Memory duplication has a relatively simple solution, namely using external cache such as redis. But the thundering herds problem remains. At time t=0, each process receives a request for f(new input). Each process looks in the cache, finds it empty, and begins computing f(new input). As a result every single process is blocked. Update - I'm told that one can build locks with redis, so this might not be as difficult as I thought. I'm also told that dogpile.cache provides this.

The Scala Solution

In Scala, the excellent Spray Caching library is available which resolves this problem. The basic idea of the Spray Cache (which makes use of threading concurrency) is to store not the value itself, but instead Future which will eventually evaluate to it. The client code is basically as simple as the python equivalent:

def f(x: KeyType) = cache(x) {
    ...body...
}

Under the hood, the cache is implemented roughly like this:

val fromCache = cache.get(key)
if (fromCache != null) {
    return fromCache
} else {
    val result = Future { // This block is run in a different thread!
    ...body...
    }
    cache.put(result)
return result
}

Unlike the python equivalent this block of code returns instantly. The actual ...body... is not actually run in the current thread. The net result is that repeated calls to f(x) return the same Future, and the result of the computation is available to all callers of f(x) as soon as it is computed. I.e., suppose it takes 100ms to compute f(x1). Suppose Thread A calls f(x1) at t=0, and Thread B calls f(x1) at t=50. Then the result of f(x1) (i.e., the same memory location, which hopefully refers to an immutable object) is available to both Thread A and Thread B at t=100.

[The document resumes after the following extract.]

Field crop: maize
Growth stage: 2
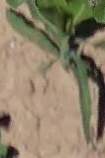
Species: maize

One possible implementation of such a strategy in Python would be to not expose the external cache directly, but rather to hide it behind some API which would then push the result to clients when it has been computed. This is certainly possible to build, though of course you do suffer the serialization and memory duplication overhead described in the previous section. The implementation would also likely be considerably more complicated than the 160 lines of code that the Spray Cache uses.

Scripting vs Systems

Ultimately, Python is a single threaded scripting language. It excels at coordinating external systems which handle heavy lifting and concurrency on their own. As examples of external systems, consider a SQL database or simple scalar arrays (ala Numpy). If you use it for this purpose it will serve you well. But fundamentally, the GIL prevents Python from being used as a systems language. The restriction that a single OS process be fundamentally single threaded prevents you from properly making use of modern multicore hardware. For this reason Python will continue to be limited to the scripting role, and those who wish to make full use of their hardware will be forced to turn to alternatives (e.g. Go, Java, Haskell or Scala).